Data entries:

+++

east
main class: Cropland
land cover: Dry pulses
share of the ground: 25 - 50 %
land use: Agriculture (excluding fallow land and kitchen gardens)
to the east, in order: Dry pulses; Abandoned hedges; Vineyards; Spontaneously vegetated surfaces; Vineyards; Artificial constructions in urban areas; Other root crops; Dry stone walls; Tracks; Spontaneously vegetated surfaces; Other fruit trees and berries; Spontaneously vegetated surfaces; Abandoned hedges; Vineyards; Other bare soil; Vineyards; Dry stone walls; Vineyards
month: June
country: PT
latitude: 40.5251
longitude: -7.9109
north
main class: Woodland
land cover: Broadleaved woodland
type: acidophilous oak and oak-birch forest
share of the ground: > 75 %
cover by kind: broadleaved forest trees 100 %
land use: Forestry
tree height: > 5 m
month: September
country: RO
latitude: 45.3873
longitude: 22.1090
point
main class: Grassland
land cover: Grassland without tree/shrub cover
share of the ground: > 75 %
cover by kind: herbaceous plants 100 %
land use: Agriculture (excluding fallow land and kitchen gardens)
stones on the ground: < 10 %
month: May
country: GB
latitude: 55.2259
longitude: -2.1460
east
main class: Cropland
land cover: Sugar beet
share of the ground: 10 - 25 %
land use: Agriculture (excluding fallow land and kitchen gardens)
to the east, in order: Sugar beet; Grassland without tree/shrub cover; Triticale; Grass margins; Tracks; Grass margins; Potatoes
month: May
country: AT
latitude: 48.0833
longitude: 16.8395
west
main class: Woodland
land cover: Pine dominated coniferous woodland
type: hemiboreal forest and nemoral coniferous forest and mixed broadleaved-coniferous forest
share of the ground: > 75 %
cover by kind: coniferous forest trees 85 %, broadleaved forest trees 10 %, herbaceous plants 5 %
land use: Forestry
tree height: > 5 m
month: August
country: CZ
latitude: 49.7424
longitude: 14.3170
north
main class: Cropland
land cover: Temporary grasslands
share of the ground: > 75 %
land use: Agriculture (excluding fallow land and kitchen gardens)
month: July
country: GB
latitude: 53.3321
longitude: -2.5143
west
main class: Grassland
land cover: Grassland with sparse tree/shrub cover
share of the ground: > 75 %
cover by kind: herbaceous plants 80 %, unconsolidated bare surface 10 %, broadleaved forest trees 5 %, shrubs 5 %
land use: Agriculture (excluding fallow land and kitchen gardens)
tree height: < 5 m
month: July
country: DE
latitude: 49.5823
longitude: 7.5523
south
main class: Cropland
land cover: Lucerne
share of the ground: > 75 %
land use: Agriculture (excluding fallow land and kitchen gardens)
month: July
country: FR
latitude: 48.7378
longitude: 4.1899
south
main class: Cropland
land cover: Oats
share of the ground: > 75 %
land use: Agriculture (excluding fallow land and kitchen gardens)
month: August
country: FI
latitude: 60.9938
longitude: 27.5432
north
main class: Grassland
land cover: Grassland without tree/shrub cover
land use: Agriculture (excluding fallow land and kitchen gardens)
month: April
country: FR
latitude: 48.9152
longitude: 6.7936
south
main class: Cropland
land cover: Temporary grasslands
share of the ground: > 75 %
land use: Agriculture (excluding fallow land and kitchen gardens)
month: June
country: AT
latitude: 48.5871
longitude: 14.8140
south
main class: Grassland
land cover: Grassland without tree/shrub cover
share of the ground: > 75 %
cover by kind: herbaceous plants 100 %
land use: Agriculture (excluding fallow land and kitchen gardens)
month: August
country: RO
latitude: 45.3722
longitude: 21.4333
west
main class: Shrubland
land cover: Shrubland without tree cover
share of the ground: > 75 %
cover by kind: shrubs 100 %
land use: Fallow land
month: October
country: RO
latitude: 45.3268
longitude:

+++

All the records are to be transcribed exactly, with no line missing.

**Response:**
east
main class: Cropland
land cover: Dry pulses
share of the ground: 25 - 50 %
land use: Agriculture (excluding fallow land and kitchen gardens)
to the east, in order: Dry pulses; Abandoned hedges; Vineyards; Spontaneously vegetated surfaces; Vineyards; Artificial constructions in urban areas; Other root crops; Dry stone walls; Tracks; Spontaneously vegetated surfaces; Other fruit trees and berries; Spontaneously vegetated surfaces; Abandoned hedges; Vineyards; Other bare soil; Vineyards; Dry stone walls; Vineyards
month: June
country: PT
latitude: 40.5251
longitude: -7.9109
north
main class: Woodland
land cover: Broadleaved woodland
type: acidophilous oak and oak-birch forest
share of the ground: > 75 %
cover by kind: broadleaved forest trees 100 %
land use: Forestry
tree height: > 5 m
month: September
country: RO
latitude: 45.3873
longitude: 22.1090
point
main class: Grassland
land cover: Grassland without tree/shrub cover
share of the ground: > 75 %
cover by kind: herbaceous plants 100 %
land use: Agriculture (excluding fallow land and kitchen gardens)
stones on the ground: < 10 %
month: May
country: GB
latitude: 55.2259
longitude: -2.1460
east
main class: Cropland
land cover: Sugar beet
share of the ground: 10 - 25 %
land use: Agriculture (excluding fallow land and kitchen gardens)
to the east, in order: Sugar beet; Grassland without tree/shrub cover; Triticale; Grass margins; Tracks; Grass margins; Potatoes
month: May
country: AT
latitude: 48.0833
longitude: 16.8395
west
main class: Woodland
land cover: Pine dominated coniferous woodland
type: hemiboreal forest and nemoral coniferous forest and mixed broadleaved-coniferous forest
share of the ground: > 75 %
cover by kind: coniferous forest trees 85 %, broadleaved forest trees 10 %, herbaceous plants 5 %
land use: Forestry
tree height: > 5 m
month: August
country: CZ
latitude: 49.7424
longitude: 14.3170
north
main class: Cropland
land cover: Temporary grasslands
share of the ground: > 75 %
land use: Agriculture (excluding fallow land and kitchen gardens)
month: July
country: GB
latitude: 53.3321
longitude: -2.5143
west
main class: Grassland
land cover: Grassland with sparse tree/shrub cover
share of the ground: > 75 %
cover by kind: herbaceous plants 80 %, unconsolidated bare surface 10 %, broadleaved forest trees 5 %, shrubs 5 %
land use: Agriculture (excluding fallow land and kitchen gardens)
tree height: < 5 m
month: July
country: DE
latitude: 49.5823
longitude: 7.5523
south
main class: Cropland
land cover: Lucerne
share of the ground: > 75 %
land use: Agriculture (excluding fallow land and kitchen gardens)
month: July
country: FR
latitude: 48.7378
longitude: 4.1899
south
main class: Cropland
land cover: Oats
share of the ground: > 75 %
land use: Agriculture (excluding fallow land and kitchen gardens)
month: August
country: FI
latitude: 60.9938
longitude: 27.5432
north
main class: Grassland
land cover: Grassland without tree/shrub cover
land use: Agriculture (excluding fallow land and kitchen gardens)
month: April
country: FR
latitude: 48.9152
longitude: 6.7936
south
main class: Cropland
land cover: Temporary grasslands
share of the ground: > 75 %
land use: Agriculture (excluding fallow land and kitchen gardens)
month: June
country: AT
latitude: 48.5871
longitude: 14.8140
south
main class: Grassland
land cover: Grassland without tree/shrub cover
share of the ground: > 75 %
cover by kind: herbaceous plants 100 %
land use: Agriculture (excluding fallow land and kitchen gardens)
month: August
country: RO
latitude: 45.3722
longitude: 21.4333
west
main class: Shrubland
land cover: Shrubland without tree cover
share of the ground: > 75 %
cover by kind: shrubs 100 %
land use: Fallow land
month: October
country: RO
latitude: 45.3268
longitude:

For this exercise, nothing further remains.